Gene Expression Profiling Interactive Analysis (GEPIA) data set

GEPIA is a new web-based bioinformatics tool that analyzes ribonucleic acid (RNA) sequences retrieved from the Genotype-Tissue Expression (GTEx) and The Cancer Genome Atlas (TCGA) data sets (www.gepia.cancer-pku.cn), which provide differential expression analyses, cancer type staging, patient survival analyses, and similar gene detections. The analysis of the relationship between CBX family members and PAAD was performed using the TCGA_PAAD data set in GEPIA (15).

The Kaplan-Meier Plotter

The prognostic significance of the transcription messenger RNA (mRNA) expression levels was investigated using the Kaplan-Meier Plotter database (www.kmplot.com), which has survival information and gene expression data for PAAD patients (16,17).

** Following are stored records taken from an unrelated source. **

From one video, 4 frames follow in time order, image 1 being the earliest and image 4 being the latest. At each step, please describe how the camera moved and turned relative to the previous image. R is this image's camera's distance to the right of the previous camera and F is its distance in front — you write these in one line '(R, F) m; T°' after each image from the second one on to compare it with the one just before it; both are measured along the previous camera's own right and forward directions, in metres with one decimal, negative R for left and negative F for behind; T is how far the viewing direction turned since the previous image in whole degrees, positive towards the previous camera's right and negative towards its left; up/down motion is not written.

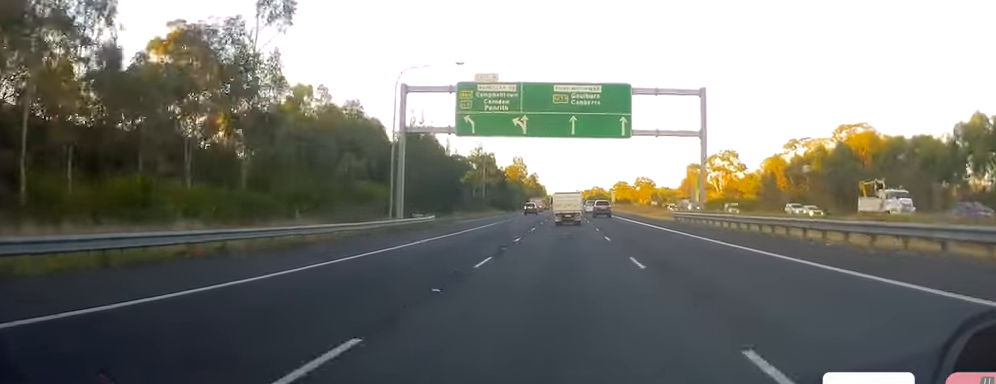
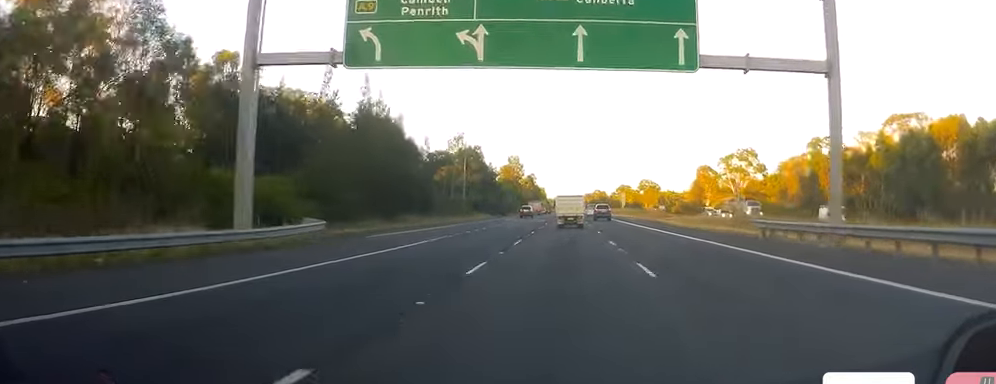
(-0.2, +25.5) m; 0°
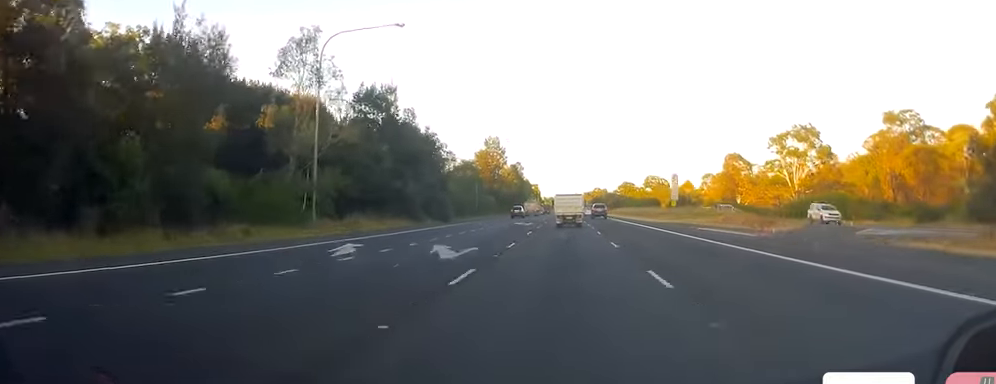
(+0.6, +61.5) m; 0°
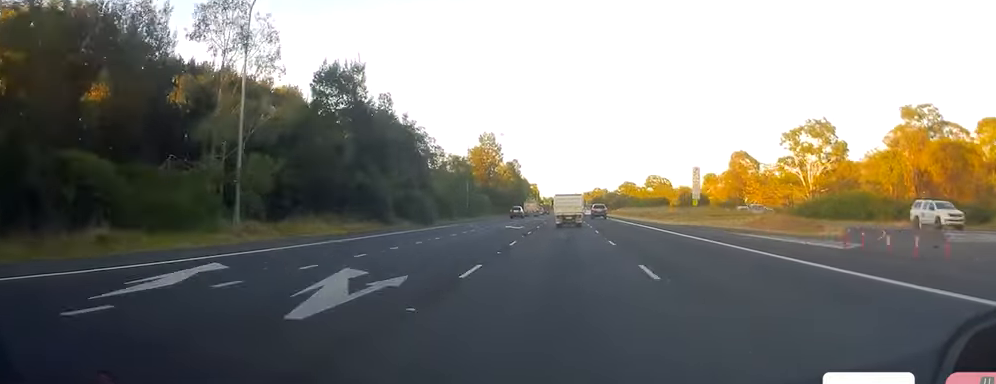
(-0.2, +10.6) m; 0°

To analyze the overall survival (OS) and disease-free survival (DFS) outcomes for PAAD patients, the specimens were divided into high- and low-expression groups based on their median expression levels. The grouped samples were evaluated using a Kaplan-Meier survival plot with hazard ratios (HRs), log-rank P values, and 95% confidence intervals (CIs).

TCGA data and cBioPortal

The TCGA database has both clinical-pathological and sequencing data for over 30 cancer types (18). The PAAD data set (PanCancer Atlas) has data for 184 cases. The pathological information of these cases was used to evaluate CBX expressions by the cBioPortal (www.cbioportal.org) (19,20). The genomic map has information on putative copy-number alterations from the Genomic Identification of Significant Targets in Cancer (GISTIC), mutations, and mRNA expression level z-scores.

Enrichment analysis

The enrichment analysis of CBXs in PAAD was conducted using STRING database (https://strin g-db.org/) (21) and the Database for Annotation Visualization and Integrated Discovery (DAVID) (https://david.ncifc rf.gov/) (22). We first conducted protein-protein interaction (PPI) network evaluations on differently expressed CBXs using STRINGS. Next, members of the CBX family and the adjacent genes were evaluated using DAVID 6.8, Metascape for Gene Ontology (GO), and the Kyoto Encyclopedia of Genes and Genomes (KEGG) enrichment analyses. The results were visualized by R project using the “ggplot2” package with a cut-off P value of <0.05. The cellular components (CCs), BPs, and molecular functions (MFs) were evaluated in the GO analysis.

TIMER analysis

TIMER (www.cistrome.shinyapps.io) was used to analyze of the abundance of immune infiltrations and evaluate the clinical effects of tumor-infiltrating immune cells (23). TIMER was used to assess correlations between members of the CBX family and immune cell infiltration in PAAD. The TCGA-PAAD data set was used for this analysis, and a P value <0.05 was considered significant.

Cox regression analysis

The P values and HRs of the constituents were subject to univariate and multivariate Cox regression analyses, together with analyses of some CBX gene parameter. Univariate and multivariate Cox regression analyses were conducted to identify proper terms for building the nomogram. Using “forestplot” in R package, a forest plot was used to determine the HR, P value, and 95% CI of each variable.

Statistical analysis

For statistical analyses we estimated risk ratios [and their 95% confidence intervals (CIs)] for each potential risk factor using Cox proportional risk regression models. Stepwise multifactorial Cox regression analysis was used to determine inclusion and exclusion criteria for type I error =0.1.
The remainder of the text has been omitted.